When to Refer to Gastroenterology

Knowing when to refer to gastro is a key clinical skill.

Over-referring overwhelms the service.
Under-referring delays care and can harm patients.

This guide focuses on safe, practical decision-making for junior doctors working on wards or on-call in the NHS.


First principle

Always ask:

Is this patient unstable, high-risk, or needing a specialist procedure?

If yes → refer early.

If stable and straightforward → manage locally first.


🚨 Immediate / Same-Day Referral (Urgent)

These patients need gastro review NOW or within hours, not tomorrow.


🔴 Upper GI Bleeding

  • Haematemesis
  • Melaena with instability
  • Hb dropping
  • Suspected varices

Because:

  • May need urgent endoscopy
  • May need banding/therapy

👉 Refer immediately


🔴 Suspected Variceal Bleed

  • Known cirrhosis + bleed

Because:

  • Needs urgent scope
  • Terlipressin/antibiotics
  • High mortality

👉 Refer immediately


🔴 Cholangitis

  • Fever + jaundice ± pain
  • Sepsis with biliary obstruction

Because:

  • Needs urgent ERCP

👉 Refer immediately


🔴 Acute Severe Colitis (IBD flare)

  • ≥6 bloody stools/day
  • Tachycardia/fever
  • Raised CRP
  • Systemically unwell

Because:

  • May need IV steroids/biologics/surgery

👉 Same-day referral


🔴 Decompensated Cirrhosis with complications

  • Encephalopathy
  • SBP
  • AKI/HRS
  • Severe ascites
  • Variceal bleed

Because:

  • Complex management
  • Rapid deterioration risk

👉 Early senior involvement


🔴 Acute Liver Failure

  • Jaundice + INR ≥1.5 + confusion

Because:

  • Time-critical
  • May need transplant centre

👉 Urgent escalation


🔴 Severe Pancreatitis

  • Hypotension
  • Organ failure
  • Rising lactate
  • HDU/ICU level

👉 Early specialist input


⚠️ Early Inpatient Referral (within 24–48h)

These aren’t crashing, but still need specialist input.


🟡 New ascites

  • Cause unclear
  • First presentation

Needs:

  • Workup
  • FibroScan/long-term plan

🟡 Persistent abnormal LFTs (unclear cause)

  • Negative initial screen
  • No obvious alcohol/metabolic cause

Needs:

  • Further liver workup

🟡 Suspected IBD (new diagnosis)

  • Chronic diarrhoea
  • Raised calprotectin
  • Weight loss

Needs:

  • Endoscopy

🟡 Suspected malignancy

  • Weight loss
  • Anaemia
  • Dysphagia
  • Obstructive jaundice

Needs:

  • Urgent cancer pathway

🟡 Recurrent pancreatitis

Needs:

  • MRCP/EUS
  • Cause investigation

🟡 Complex nutrition/malabsorption

  • Chronic pancreatitis
  • Severe coeliac
  • Weight loss

Needs MDT input


Usually manage yourself first (no urgent referral)

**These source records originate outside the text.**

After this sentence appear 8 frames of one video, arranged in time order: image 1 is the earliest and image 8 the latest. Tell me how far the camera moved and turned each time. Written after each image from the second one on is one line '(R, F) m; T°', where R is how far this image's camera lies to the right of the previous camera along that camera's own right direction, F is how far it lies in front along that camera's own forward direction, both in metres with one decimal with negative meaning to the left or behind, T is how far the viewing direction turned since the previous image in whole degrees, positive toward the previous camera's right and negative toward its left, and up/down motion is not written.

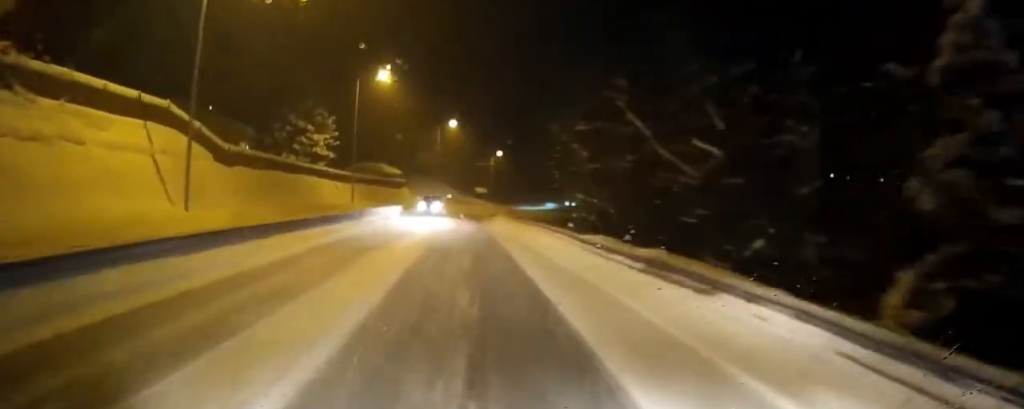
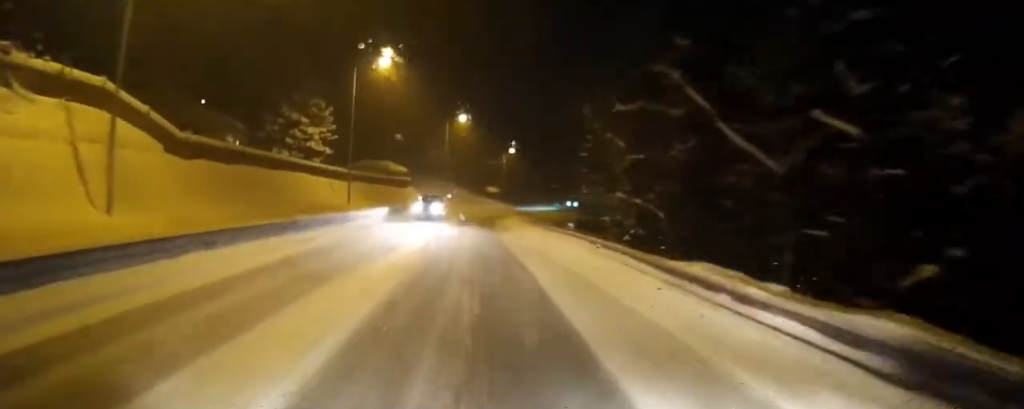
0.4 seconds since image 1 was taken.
(0.0, +5.5) m; -2°
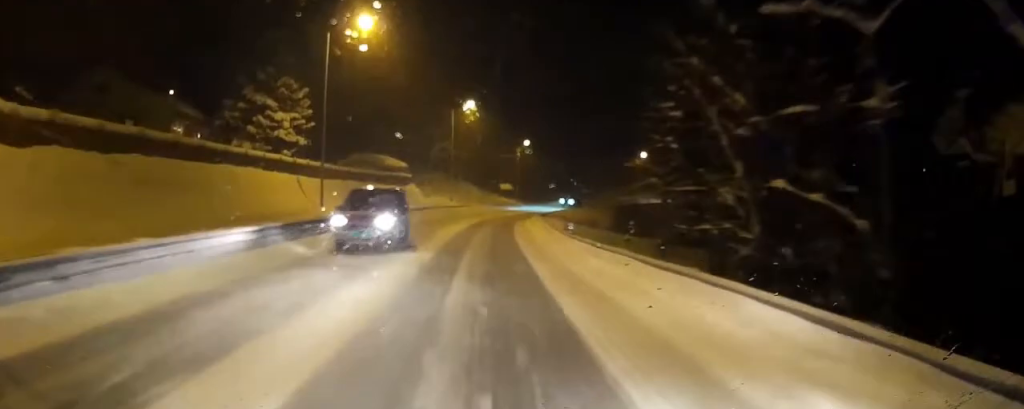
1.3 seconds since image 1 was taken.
(-0.4, +10.9) m; -2°
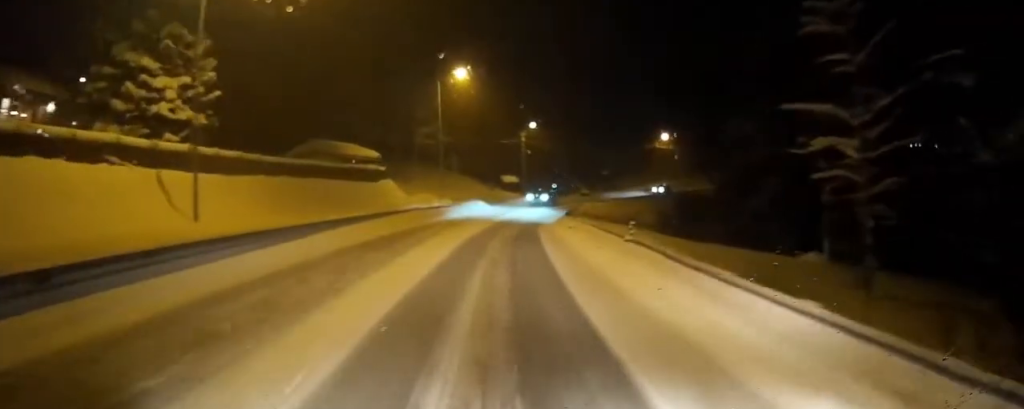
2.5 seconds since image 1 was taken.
(0.0, +16.8) m; 0°
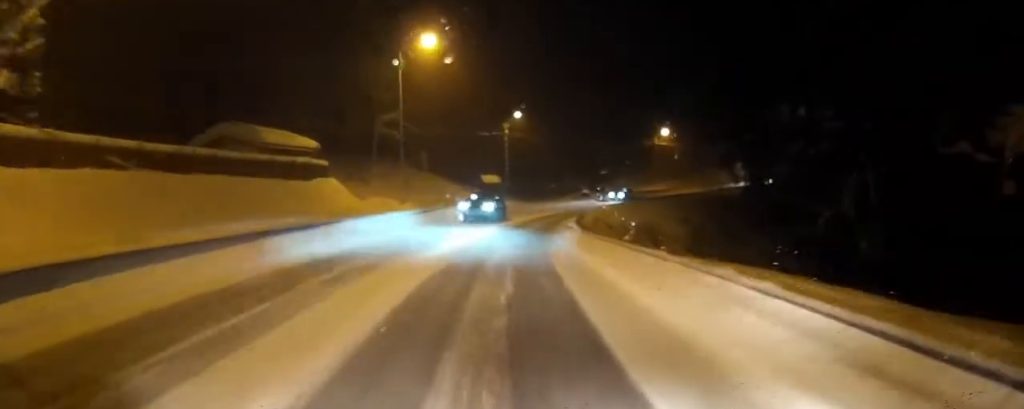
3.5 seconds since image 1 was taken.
(-0.1, +13.3) m; +1°
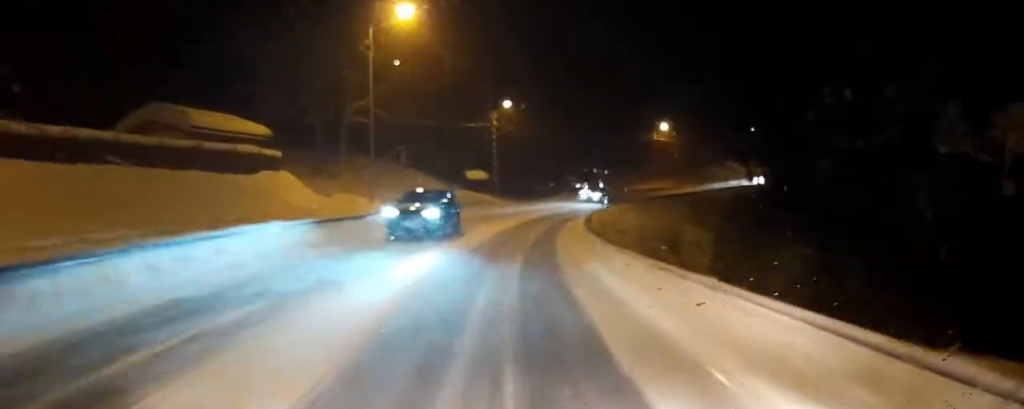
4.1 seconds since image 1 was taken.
(+0.1, +7.1) m; +2°
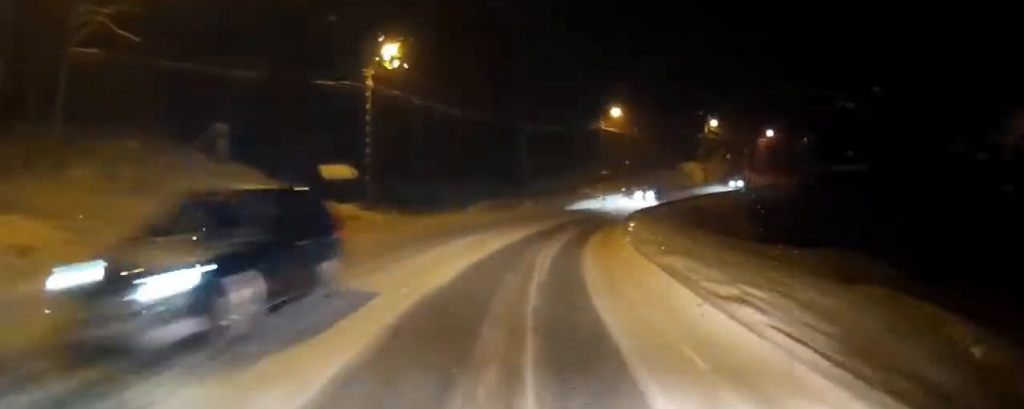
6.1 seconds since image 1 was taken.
(+1.7, +26.4) m; +9°
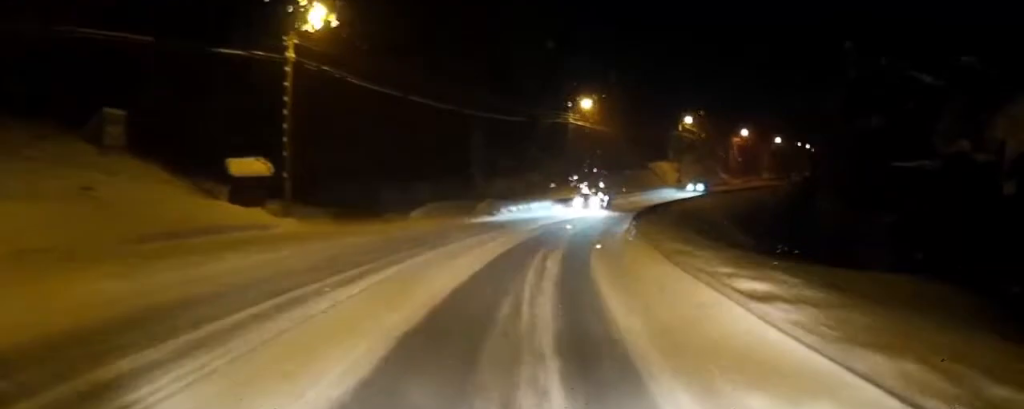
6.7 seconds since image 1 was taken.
(+0.3, +8.0) m; +4°

These usually don’t need gastro unless persistent or complicated.


🟢 Simple dyspepsia

  • No red flags
    → PPI trial first

🟢 Typical IBS

  • Normal tests
  • No red flags

🟢 Mild abnormal LFTs with clear MASLD

→ Lifestyle advice + primary care follow-up


🟢 Mild constipation

→ Laxatives first


🟢 Mild self-limiting gastroenteritis


Don’t refer everything — manage what is safe.


On-call practical decision rule

Use this simple framework:

Ask:

  1. Is the patient unstable?
  2. Do they need urgent endoscopy/ERCP/procedure?
  3. Is there liver failure or severe complication?
  4. Am I unsure or out of my depth?

If YES → refer
If NO → manage + discuss later


📞 How to make a good gastro referral (important)

Consultants respond better to structured referrals.

Include:

  • Clear reason for referral
  • Observations/NEWS
  • Blood results
  • Imaging
  • What you’ve already done
  • What you’re worried about

Instead of:
“Can you review?”

Say:
“Known cirrhosis, hypotensive, melaena, Hb dropped 30, needs urgent endoscopy”

Much safer and faster.


Common mistakes juniors make

  • Waiting too long in unstable patients
  • Referring mild problems without basic workup
  • Not escalating variceal bleed early
  • Not treating sepsis before referral
  • Calling without key information

Refer early when sick, investigate first when stable.


Take-home concept

Refer early for unstable, bleeding, septic, or decompensated patients.
Manage simple, stable problems yourself.
When in doubt and patient is sick — escalate.